Now add the original element , the next element and the last element:
-1+-1+4 = 2 , which is greater than 0.
Since we have the largest element at the last in a sorted array , moving to the previous element will reduce the sum and we might get 0, so move the last pointer to the previous element which is 2 now
[-1,-1,0,1,2,4]
-1+-1+2 = 0 , now the sum is 0.
We have got the first triplet [-1,-1,2] ,add that to output
Now let’s find the next triplet.
The original element is still the first element -1.
Let’s move the left pointer to the next position which points to 0 now.
Let’s add all the elements:
[-1,-1,0,1,2,4]
-1+0+2 = 1 , which is greater than 0
So lets decrement the last pointer.
The last pointer now points to 1:
[-1,-1,0,1,2,4]
The sum now is -1+0+1 = 0
We have got another triplet [-1,0,1] , add that to the output.
Now if you increment the left pointer it joins the right pointer , so don’t do it.
Go to the next element in the original array.
The next element in the original array is -1.
We already dealt with -1 , so it is going to give duplicate triplets.
So let’s ignore it and move on to the next element 0.
Again create two pointers one pointing to the next element of 0 which is 1 and another pointing to the last element which is 4.
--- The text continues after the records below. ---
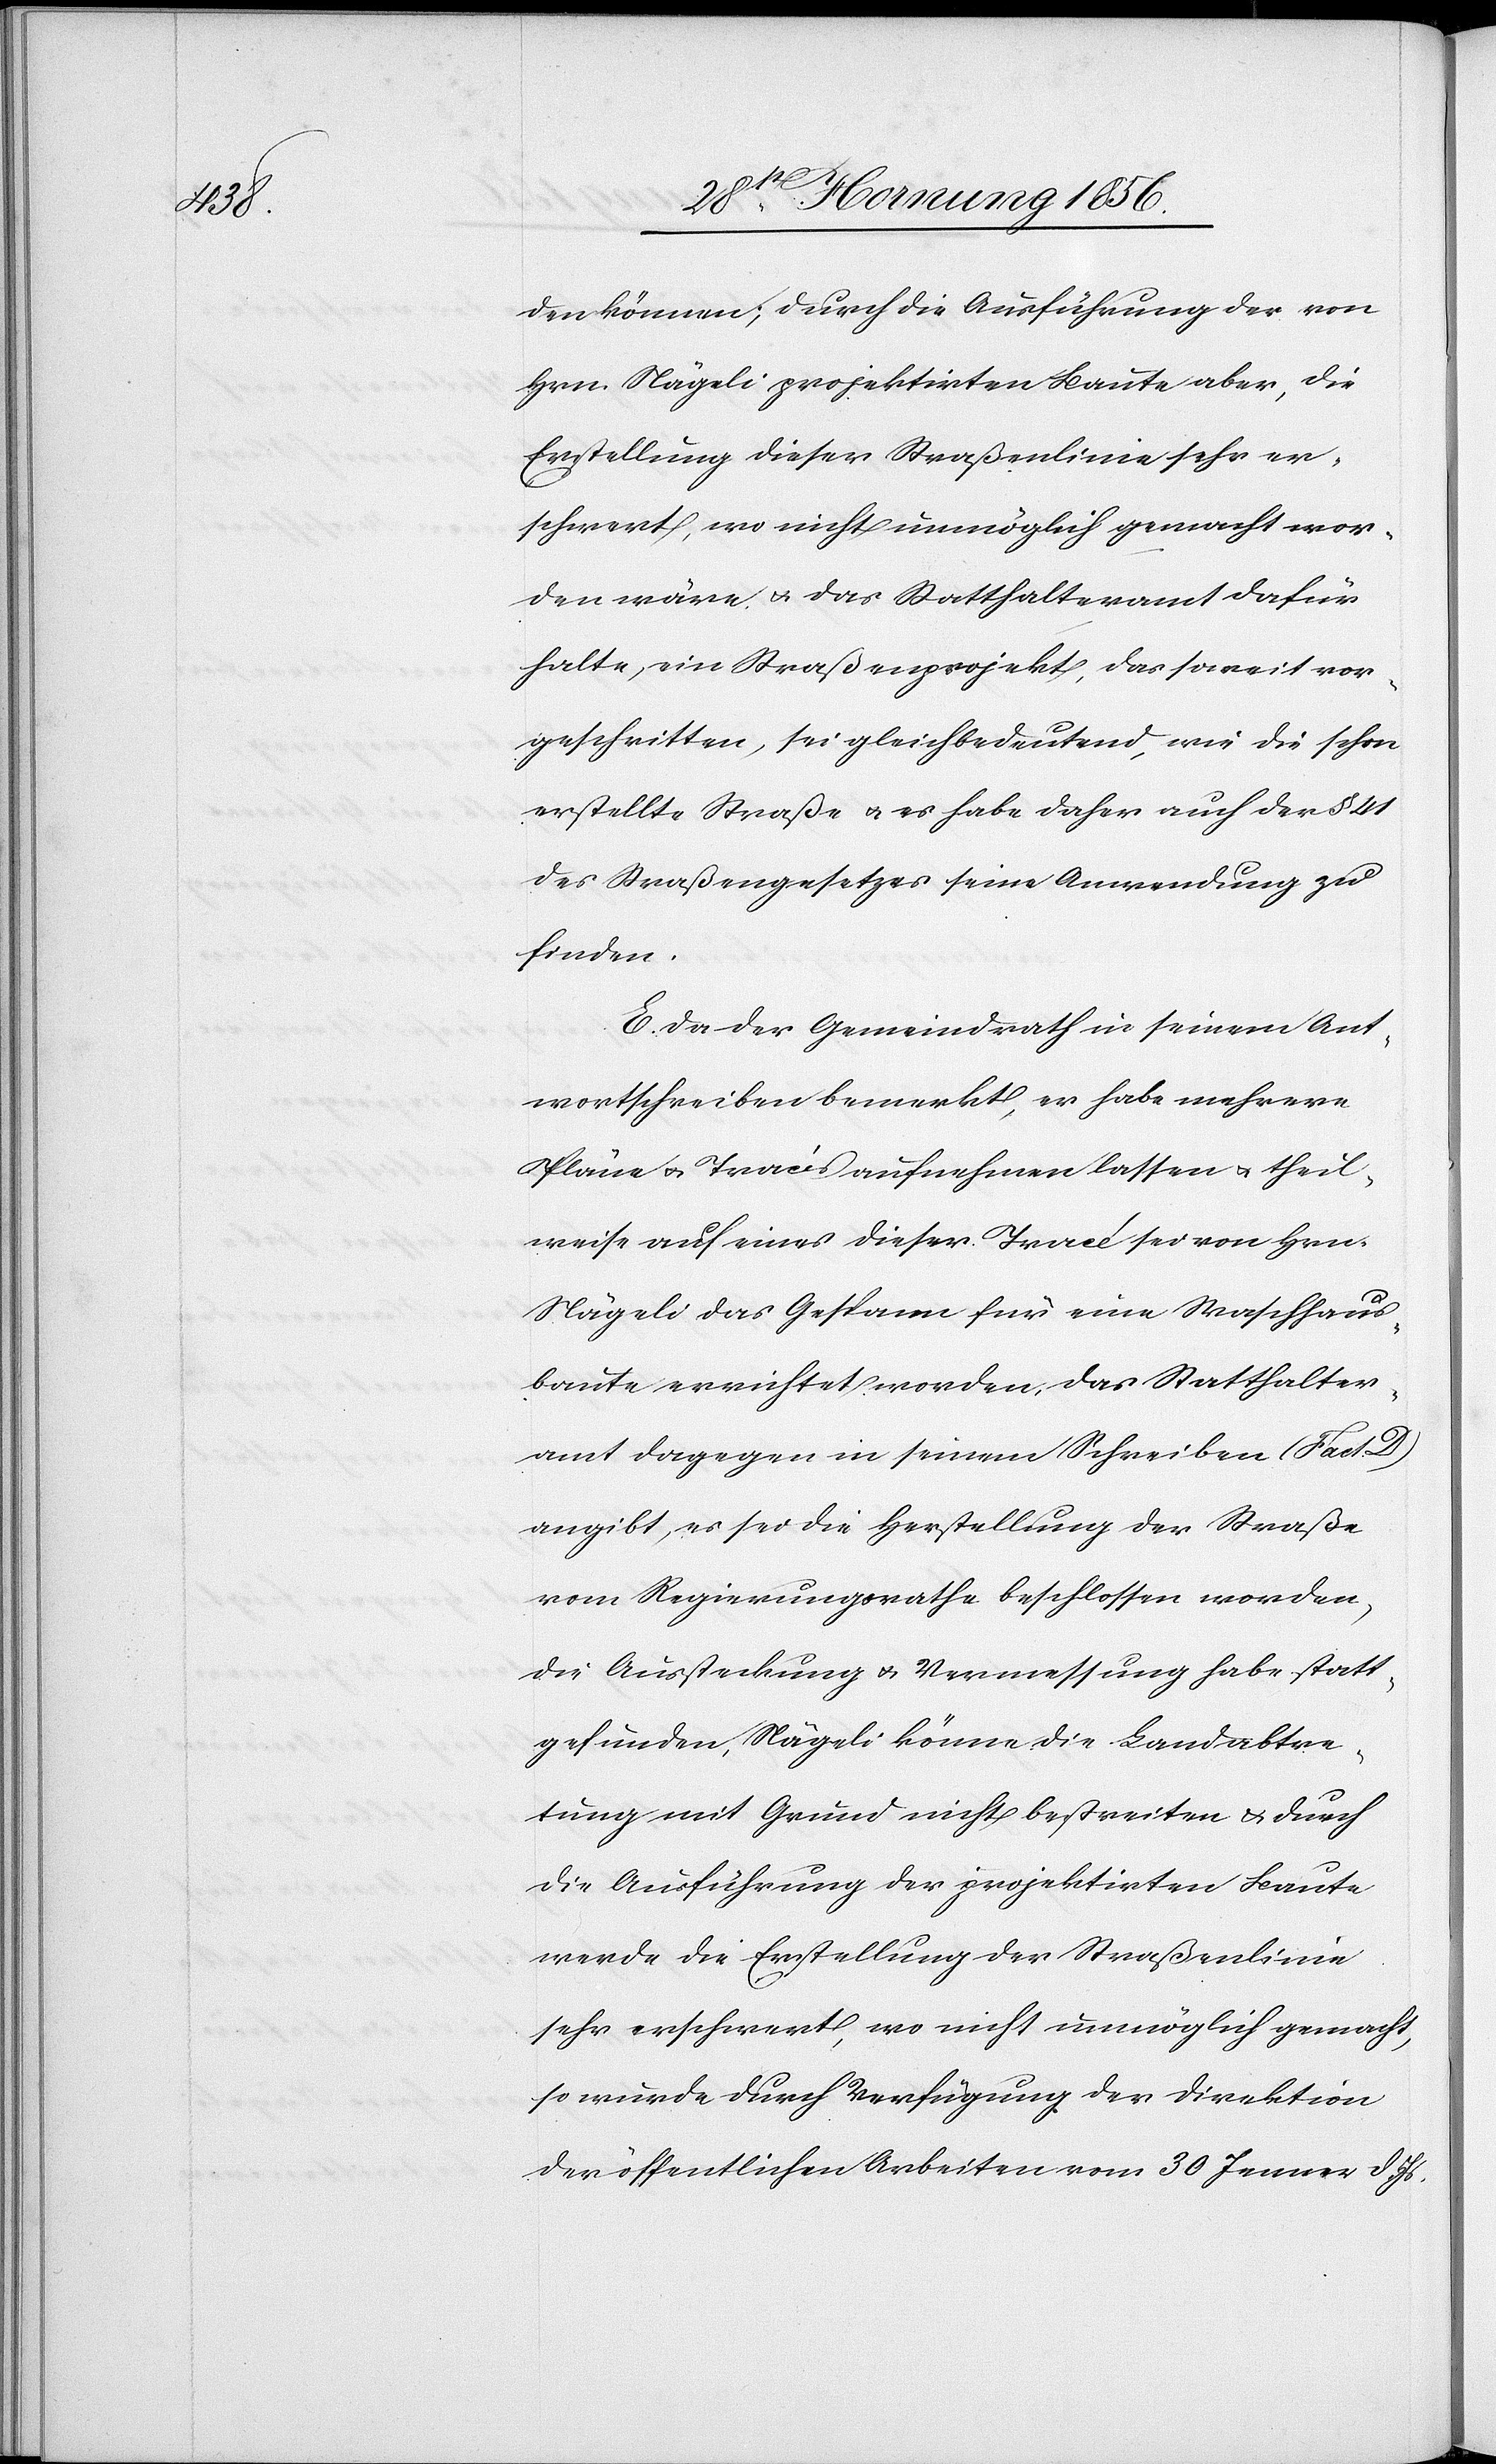
den können; durch die Ausführung der von
Hrn. Nägeli projektirten Baute aber, die
Erstellung dieser Straßenlinie sehr er¬
schwert, wo nicht unmöglich gemacht wor¬
den wäre. u. das Statthalteramt dafür
halte, ein Straßenprojekt, das soweit vor¬
geschritten, sei gleichbedeutend, wie die schon
erstellte Straße u. es habe daher auch der § 41
des Straßengesetzes seine Anwendung zu
finden.
E. Da der Gemeindrath in seinem Ant¬
wortschreiben bemerkt, er habe mehrere
Pläne u. Tracés aufnehmen lassen u. theil¬
weise auf eines dieser Tracés sei von Hrn.
Nägeli das Gespann für eine Waschhaus¬
baute errichtet worden, das Statthalter¬
amt dagegen in seinem Schreiben (Fact. D)
angibt, es sei die Herstellung der Straße
vom Regierungsrathe beschlossen worden,
die Aussteckung u. Vermessung habe statt¬
gefunden, Nägeli könne die Landabtre¬
tung mit Grund nicht bestreiten u. durch
die Ausführung der projektirten Baute
werde die Erstellung der Straßenlinie
sehr erschwert, wo nicht unmöglich gemacht,
so wurde durch Verfügung der Direktion
der öffentlichen Arbeiten vom 30 Jenner d. Js

Continue the same process until left pointer < right pointer.
During this proces,
There is a chance that the element next to the left pointer is also a duplicate.
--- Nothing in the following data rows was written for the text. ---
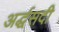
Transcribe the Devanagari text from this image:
अर्द्धसदी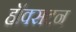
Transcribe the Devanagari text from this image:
हॉक्सटन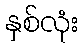
နှစ်လုံး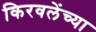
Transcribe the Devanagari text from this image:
किरवलेंच्या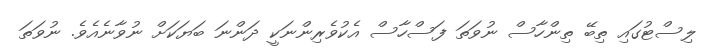
ލިސްޓުގައި ތިބޭ ތިންހާސް ނުވަތަ ފަސްހާސް އެކުވެރިންނަކީ ދަންނަ ބަޔަކަށް ނުވާނެއެވެ. ނުވަތަ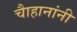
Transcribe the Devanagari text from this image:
चाैहानांनी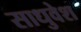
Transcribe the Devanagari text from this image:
साधुवेश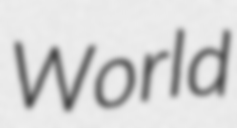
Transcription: World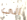
الى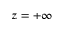
z = + \infty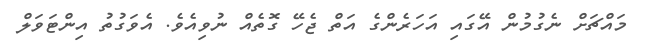
މައްޗަށް ނެގުމުން އޭގައި އަހަރެންގެ އަތް ޖެހޭ ގޮތެއް ނުވިއެވެ. އެވަގުތު އިންޓަވަލް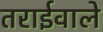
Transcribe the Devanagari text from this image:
तराईवाले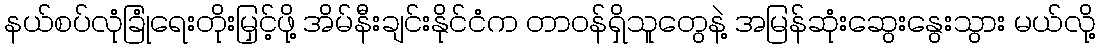
နယ်စပ်လုံခြုံရေးတိုးမြှင့်ဖို့ အိမ်နီးချင်းနိုင်ငံက တာဝန်ရှိသူတွေနဲ့ အမြန်ဆုံးဆွေးနွေးသွား မယ်လို့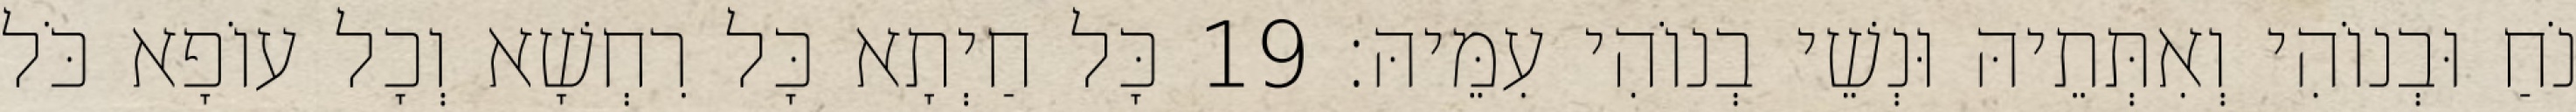
נֹחַ וּבְנוֹהִי וְאִתְּתֵיהּ וּנְשֵׁי בְנוֹהִי עִמֵּיהּ׃ 19 כָּל חַיְתָא כָּל רִחְשָׁא וְכָל עוֹפָא כֹּל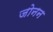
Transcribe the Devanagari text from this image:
जोनन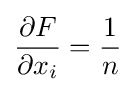
{\frac {\partial F}{\partial x_{i}}}={\frac {1}{n}}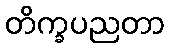
တိက္ခပညတာ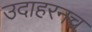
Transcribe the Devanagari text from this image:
उदाहरनच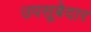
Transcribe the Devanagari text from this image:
उपसूबेदार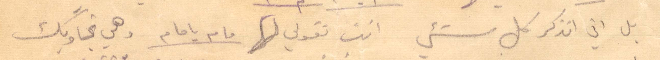
بل اني أتذكر كل شيء انت تقولي لها مام يا مام وهي تجاوبك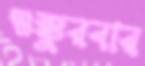
শুক্কুরবার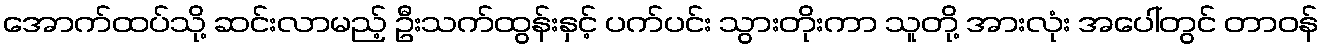
အောက်ထပ်သို့ ဆင်းလာမည့် ဦးသက်ထွန်းနှင့် ပက်ပင်း သွားတိုးကာ သူတို့ အားလုံး အပေါ်တွင် တာဝန်

In that case increment the left pointer so that you ignore the duplicate.
ALGORITHM:
STEP1: Sort the input array
STEP2: For each element in the sorted array
STEP2a: See if the element has already been processed , if yes ignore it and move to next
STEP2b: Create a pointer to the next element (left pointer)
STEP2c: Create a pointer to the last element (right pointer)
STEP2d: While the left pointer is less than the right pointer, find the sum of the original element , the left element and the right element
STEP2di: If the sum is 0, add that to the output , also check if the next element is the same as the left element , if so keep incrementing the left pointer till the next element is not equal to the left element , so that there are no duplicates.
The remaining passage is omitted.